C’est en 2010 que, le CNT, tirant les leçons d’une gouvernance peu vertueuse caractérisée par les détournements de fonds publics, l’enrichissement illicite, la corruption et une kyrielle d’autres infractions économiques, a introduit pour la première fois en droit guinéen, l’obligation de déclaration de biens visant des personnalités qui exercent certaines fonctions.
Étaient soumis, aux termes de l’article 36 de la Constitution de 2010, à l’obligation de déclaration écrite sur l’honneur de leurs biens:
– Le Président de la République;
-Le Président de l’Assemblée nationale ;
– Les premiers responsables des institutions constitutionnelles ;
– Le Gouverneur de la Banque Centrale;
-Les responsables des régies financières de l’État ;
Cette liste était, comme on le voit, limitative.

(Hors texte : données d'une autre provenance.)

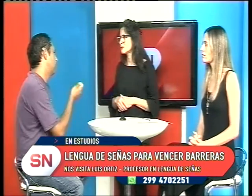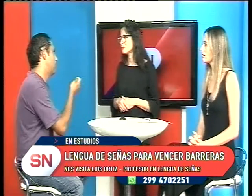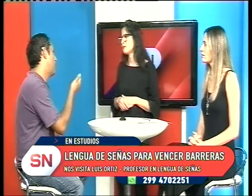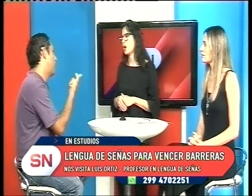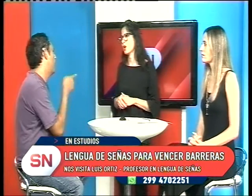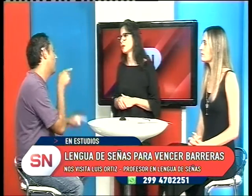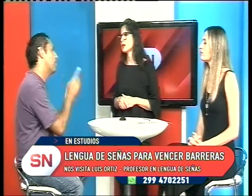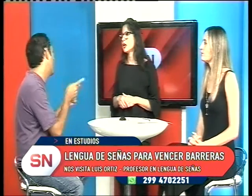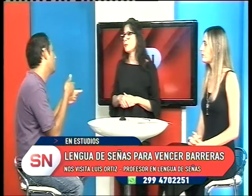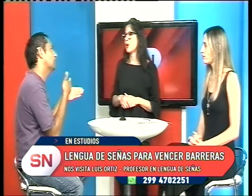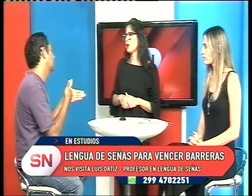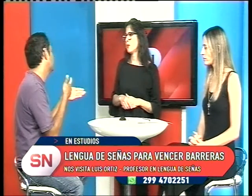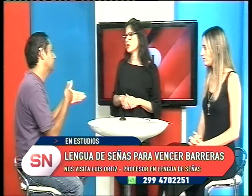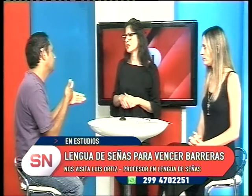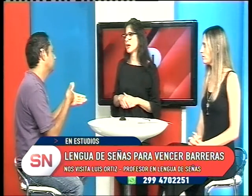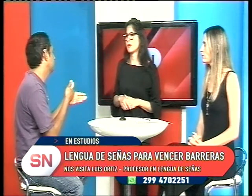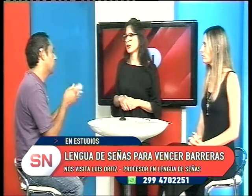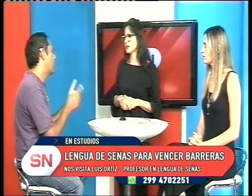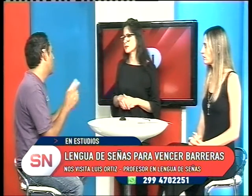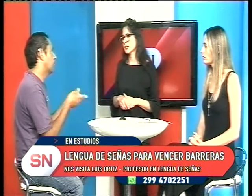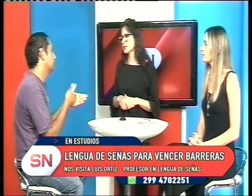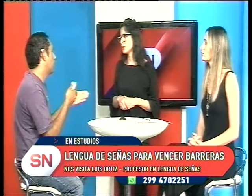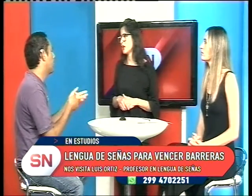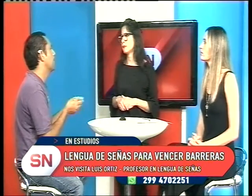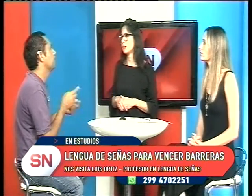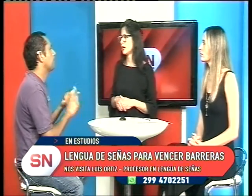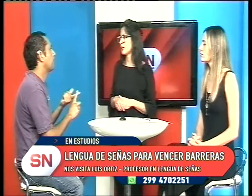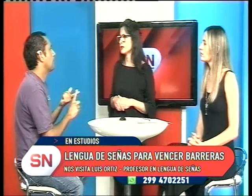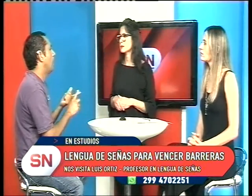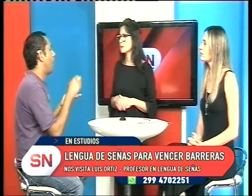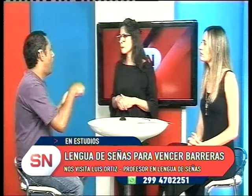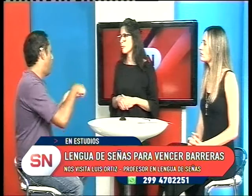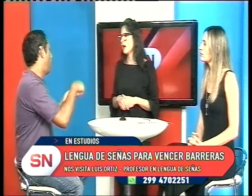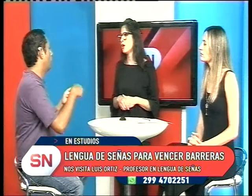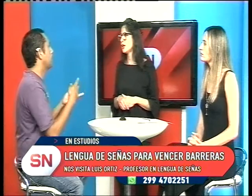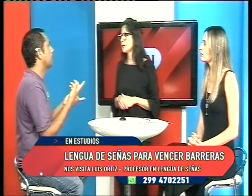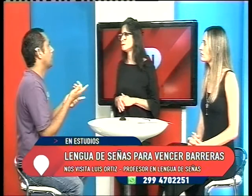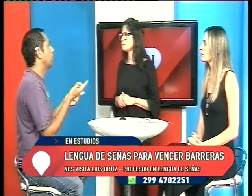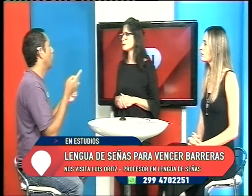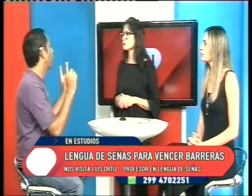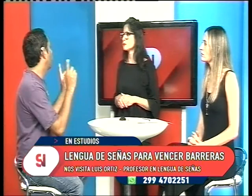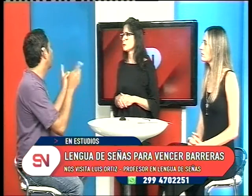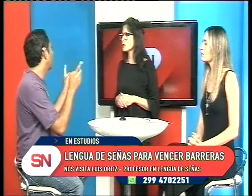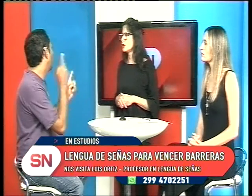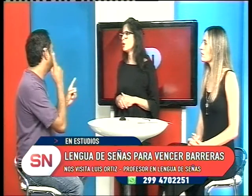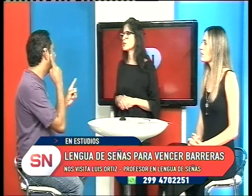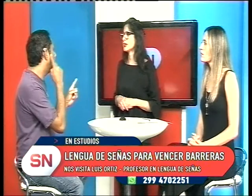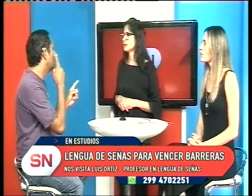Poco. Poco, poco. Siempre hay barreras. Siempre son las mismas barreras. Ahora, los docentes,
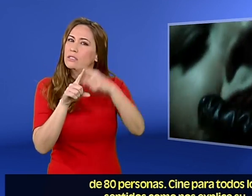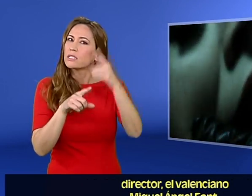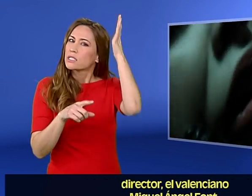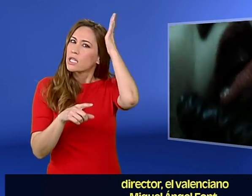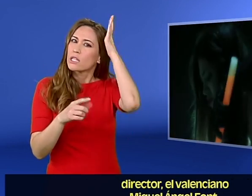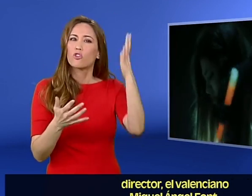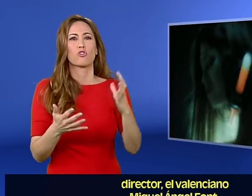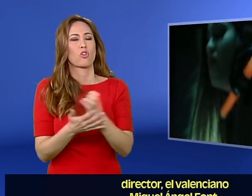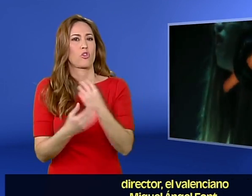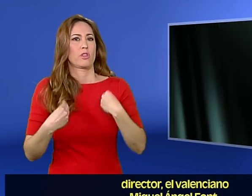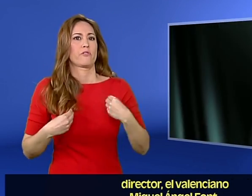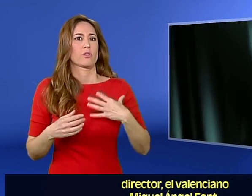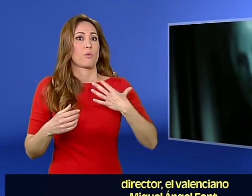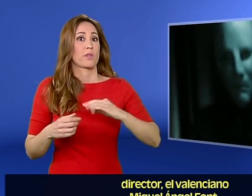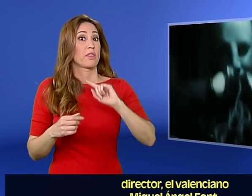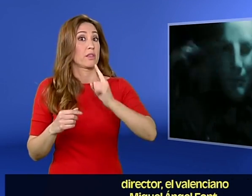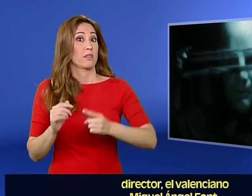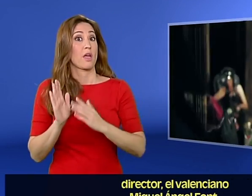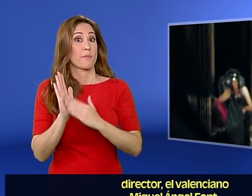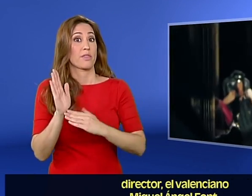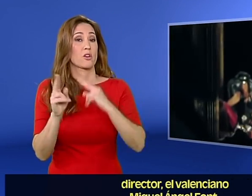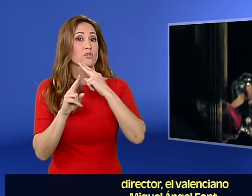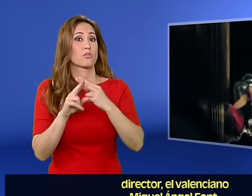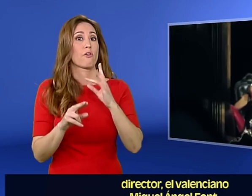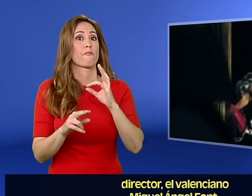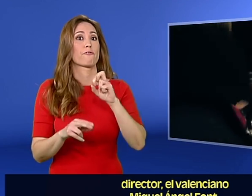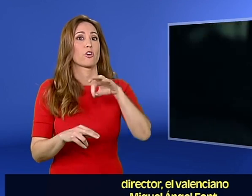nos explica su director, el valenciano Miguel Ángel Font.

Elle ne s’appliquait qu’aux personnes visées par la loi fondamentale. Or, il existe un grand nombre de hauts responsables qui devraient être soumis à la même obligation de déclaration de biens pour les mêmes motifs que ceux concernant les personnes visées à l’article 36 de la Constitution.
Le 4 juillet 2017, l’Assemblée nationale a adopté la loi 041 portant prévention, détection et répression de la corruption et des infractions assimilées.
Le législateur indique à l’article 27 de ce texte que « Les personnes visées à l’article 25 de la même loi disposent d’un délai de trois mois après leur prise de fonction ou de leur mandat et de trois mois à la fin de leurs fonctions ou de leur mandat pour le dépôt de leur déclaration de patrimoine auprès de la juridiction compétente. » Les personnes dont il est question sont celles qui ne sont visées par l’article 36 de la Constitution.
L’article 28 quant à lui dispose que:
» Un décret, pris en conseil des ministres, détermine les personnes assujetties à la déclaration de patrimoine, autres que celles visées à l’article 36 de la Constitution. »
Ce décret a-t-il été pris ? Nous n’en savons rien.
Il existe cependant un acte relatif à la déclaration de biens ou de patrimoine des personnalités visées à l’article 36 de la Constitution. C’est le décret n°072 du 30 mars 2020. À ce décret, il faut ajouter celui du 13 novembre 2020 portant contenu du formulaire de déclaration de patrimoine (décret n°286).
Il faut noter que les dispositions de l’article 36 de la Constitution de 2010 ont été intégralement reprises par l’article 49 de celle de 2020 qui était en vigueur avant la chute du M. Alpha Condé.
Questions :
– L’abrogation de la Constitution de 2010 et, plus tard, la suspension de celle de 2020 à la suite du coup d’État du 5 septembre enlèvent-elles toute valeur juridique aux deux décrets ci-dessus mentionnés ?
En répondant par l’affirmative, on aboutirait à la conclusion suivante: toutes les institutions, toutes les structures qui ont été mises en place soit par la Constitution de 2010, soit par celle de 2020 n’existent plus en droit. De même, toutes les lois qui ont pour base ces deux normes suprêmes sont tacitement abrogées. L’abrogation tacite ou implicite étant une modalité d’abrogation de la loi.
– S’il n’existe pas un texte réglementaire qui fixe la liste des personnes assujetties à la déclaration de patrimoine, autres que celles visées par l’article 36 de la Constitution, peut-on obliger ces personnes à déclarer leur patrimoine ?
La réponse est non. Puisque le décret n° 072 ne s’applique qu’aux personnes visées à l’article 36 de la Constitution. À ce niveau, on peut dire qu’il existe un vide juridique, sauf preuve du contraire.
Mais avec ou sans texte juridique, vide juridique ou non, la déclaration de patrimoine doit être une pratique ancrée dans la gestion des affaires publiques. Et si la thèse d’absence de base juridique devait l’emporter, il serait impératif alors que la Charte de la Transition soit amendée.
L’autre innovation que le constituant de 2010 avait apportée concernait l’imprescriptibilité de la corruption et des crimes économiques. C’est la même idée qui apparaît à peu près relativement aux infractions relevant de la compétence de la CRIEF puisque celle-ci est compétente pour connaître de tous les faits antérieurs ou non à sa création relevant de son domaine de compétence. Sans compter par ailleurs que la loi anti-corruption sur laquelle s’appuie constamment la CRIEF déclare que la corruption et les infractions assimilées sont imprescriptibles. Dès lors, la déclaration de biens ou de patrimoine ne devrait pas poser de difficultés.